- _Your assignment_:
Please give the data again in full, precisely as it is written.
***** Material for the task *****
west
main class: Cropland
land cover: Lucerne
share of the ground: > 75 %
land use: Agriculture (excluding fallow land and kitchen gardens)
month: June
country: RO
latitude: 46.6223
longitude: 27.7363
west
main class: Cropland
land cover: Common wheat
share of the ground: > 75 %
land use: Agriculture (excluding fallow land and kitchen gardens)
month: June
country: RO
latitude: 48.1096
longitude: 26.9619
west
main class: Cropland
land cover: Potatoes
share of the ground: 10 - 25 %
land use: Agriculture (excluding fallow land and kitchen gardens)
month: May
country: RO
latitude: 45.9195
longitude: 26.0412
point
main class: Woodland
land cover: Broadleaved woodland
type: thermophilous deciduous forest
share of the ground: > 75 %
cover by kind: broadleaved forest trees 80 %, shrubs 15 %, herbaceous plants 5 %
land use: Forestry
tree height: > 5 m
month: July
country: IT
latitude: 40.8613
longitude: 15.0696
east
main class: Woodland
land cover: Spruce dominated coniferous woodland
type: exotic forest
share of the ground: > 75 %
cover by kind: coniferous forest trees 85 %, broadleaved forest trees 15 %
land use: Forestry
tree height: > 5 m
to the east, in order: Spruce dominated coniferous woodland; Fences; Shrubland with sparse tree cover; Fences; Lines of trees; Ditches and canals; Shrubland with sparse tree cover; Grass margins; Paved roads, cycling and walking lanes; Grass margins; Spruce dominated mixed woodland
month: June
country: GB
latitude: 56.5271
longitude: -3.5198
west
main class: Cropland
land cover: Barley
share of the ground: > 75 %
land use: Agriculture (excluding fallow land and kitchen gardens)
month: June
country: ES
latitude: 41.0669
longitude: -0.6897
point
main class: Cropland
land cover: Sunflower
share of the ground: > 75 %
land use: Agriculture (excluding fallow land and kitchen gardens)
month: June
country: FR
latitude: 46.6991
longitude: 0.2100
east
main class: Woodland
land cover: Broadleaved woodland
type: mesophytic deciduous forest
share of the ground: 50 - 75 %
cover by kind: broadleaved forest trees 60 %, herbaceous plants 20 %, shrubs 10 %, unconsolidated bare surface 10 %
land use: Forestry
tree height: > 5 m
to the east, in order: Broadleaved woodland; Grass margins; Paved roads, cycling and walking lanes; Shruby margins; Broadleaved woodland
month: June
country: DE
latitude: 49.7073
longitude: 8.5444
*****
- _Exercise output_:
west
main class: Cropland
land cover: Lucerne
share of the ground: > 75 %
land use: Agriculture (excluding fallow land and kitchen gardens)
month: June
country: RO
latitude: 46.6223
longitude: 27.7363
west
main class: Cropland
land cover: Common wheat
share of the ground: > 75 %
land use: Agriculture (excluding fallow land and kitchen gardens)
month: June
country: RO
latitude: 48.1096
longitude: 26.9619
west
main class: Cropland
land cover: Potatoes
share of the ground: 10 - 25 %
land use: Agriculture (excluding fallow land and kitchen gardens)
month: May
country: RO
latitude: 45.9195
longitude: 26.0412
point
main class: Woodland
land cover: Broadleaved woodland
type: thermophilous deciduous forest
share of the ground: > 75 %
cover by kind: broadleaved forest trees 80 %, shrubs 15 %, herbaceous plants 5 %
land use: Forestry
tree height: > 5 m
month: July
country: IT
latitude: 40.8613
longitude: 15.0696
east
main class: Woodland
land cover: Spruce dominated coniferous woodland
type: exotic forest
share of the ground: > 75 %
cover by kind: coniferous forest trees 85 %, broadleaved forest trees 15 %
land use: Forestry
tree height: > 5 m
to the east, in order: Spruce dominated coniferous woodland; Fences; Shrubland with sparse tree cover; Fences; Lines of trees; Ditches and canals; Shrubland with sparse tree cover; Grass margins; Paved roads, cycling and walking lanes; Grass margins; Spruce dominated mixed woodland
month: June
country: GB
latitude: 56.5271
longitude: -3.5198
west
main class: Cropland
land cover: Barley
share of the ground: > 75 %
land use: Agriculture (excluding fallow land and kitchen gardens)
month: June
country: ES
latitude: 41.0669
longitude: -0.6897
point
main class: Cropland
land cover: Sunflower
share of the ground: > 75 %
land use: Agriculture (excluding fallow land and kitchen gardens)
month: June
country: FR
latitude: 46.6991
longitude: 0.2100
east
main class: Woodland
land cover: Broadleaved woodland
type: mesophytic deciduous forest
share of the ground: 50 - 75 %
cover by kind: broadleaved forest trees 60 %, herbaceous plants 20 %, shrubs 10 %, unconsolidated bare surface 10 %
land use: Forestry
tree height: > 5 m
to the east, in order: Broadleaved woodland; Grass margins; Paved roads, cycling and walking lanes; Shruby margins; Broadleaved woodland
month: June
country: DE
latitude: 49.7073
longitude: 8.5444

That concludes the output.